More walked-through examples in [`examples/`](./examples/) covering albums,
band lineups, radio stations, IoT device routing, work comparison, and the
`NOT_MEDIA` classifier sentinel.

## What's in the box

| Module | Contents |
|---|---|
| `mediavocab.taxonomy` | `MediaType`, `VariantKind`, `EntityKind`, `RelationRole`, `CreditSection`, `MembershipStatus`, `ReleaseStatus`, `StreamMode`, `WorkRelationKind`, `PlaybackModality`, plus `GENRE_*` string constants. Zero deps. |
| `mediavocab.models` | `Work`, `Release`, `Appearance`, `WorkRelation`, `ReleaseRelation`, `Entity`, `EntityRef`, `Membership`, `Credit`, `Programme`, `Schedule`, `License`. Pydantic v2. |
| `mediavocab.text` | Normalisation, fuzzy matching, work comparison/scoring, ISO 639/3166 helpers. Stdlib only. |
| `mediavocab.helpers` | Convenience builders and classifier predicates. Non-normative. |

## Design highlights

- **A type earns its place by changing the schema.** `SOUND_EFFECT`,
  `AMBIENT_SOUNDS`, `AUDIO_DRAMA`, `MUSIC_VIDEO`, etc. each catalogue against
  different external databases or with different runtime tolerances.
- **Devices are entities, not works.** `EntityKind.DEVICE` represents physical
  playback endpoints (smart speakers, smart plugs, cast targets). The Work is
  still a RADIO/MOVIE/MUSIC; the device is how the consumer routes playback.
- **`NOT_MEDIA` is a terminal sentinel** for the classifier — distinct from
  `GENERIC`, which is a transient "type unknown, may resolve" state.
- **`Work` is canonical, `Release` is the manifestation.** A director's cut
  is a different Release of the same Work. A bootleg is a different Release
  of the same Work. The Work's identity hash never depends on Release
  metadata.
- **`PlaybackModality` is orthogonal to `MediaType`.** `AUDIO` / `VIDEO` /
  `TEXT` / `INTERACTIVE` routes resolver dispatch by playback intent. A
  `Signals(modality=AUDIO)` query never touches video-only providers, even if
  `medium=GENERIC`. Declare `modality: ClassVar[Set[PlaybackModality]]` on each
  provider; empty means universal.
- **Genre is a free `List[str]`** with canonical spellings in
  `mediavocab.taxonomy.genre`. ASMR, ambient, anime, adult, etc. are genre
  tags applied across multiple media types — not types of their own.
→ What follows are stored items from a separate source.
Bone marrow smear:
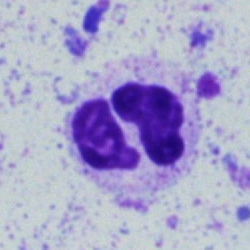 Q: What type of cell is this?
A: A segmented neutrophil.
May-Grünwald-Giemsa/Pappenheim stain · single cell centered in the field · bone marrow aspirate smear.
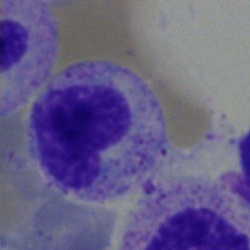 Classification — metamyelocyte.
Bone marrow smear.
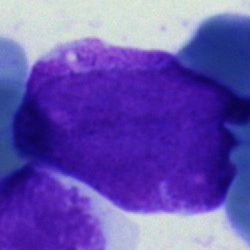
Specimen: bone marrow aspirate smear.
Cell type: blast cell.
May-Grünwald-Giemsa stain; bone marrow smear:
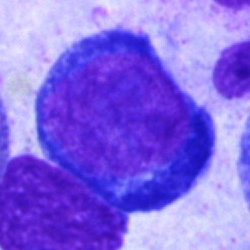Morphology — nucleated red cell.
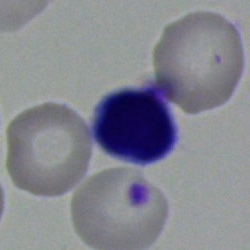Morphology → typical lymphocyte.
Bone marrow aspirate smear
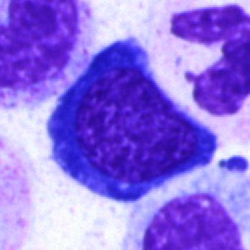Morphology — normoblast.

See [`docs/`](./docs/) for full reference and pattern guides.

## Workspace position

`mediavocab` sits at the bottom of the stack. Every other package in
this workspace depends on it:

```
                          mediavocab
                              ▲
        ┌───────────┬─────────┼─────────┬───────────┐
        │           │         │         │           │
      tutubo   pyfanedit   pymetal   pyo*…       py_bandcamp / nuvem-de-som
        ▲           ▲         ▲                       ▲
        └────────┬──┴─────────┴───────────────────────┘
                 │
              metadatarr  ◄── canonical resolver, ships every provider above
                 ▲
                 │
           media-archivist  ◄── source-DB orchestrator + sidecars + CLI/server
```

- **mediavocab**: vocabulary + structural models (this package).
- **tutubo**, **pyfanedit**, **pymetal**, **py_bandcamp**, **nuvem_de_som**,
  **radiosoma**, **tunein**, **audiobooker**: API clients / scrapers. Each
  emits `mediavocab.Work` / `Release` / `Entity` directly.
- **metadatarr**: cross-source resolver framework. Bundles every
  first-party scraper as a hard runtime dep (no extras juggling) and
  ships ~24 providers under `metadatarr.resolve.providers`.
- **media-archivist**: local source-DB indexer / canonicalizer /
  CLI / web server. Consumes metadatarr's resolver.

## Testing

```bash
pip install -e ".[test]"
pytest -q
```

## License

Apache 2.0. See [LICENSE](./LICENSE).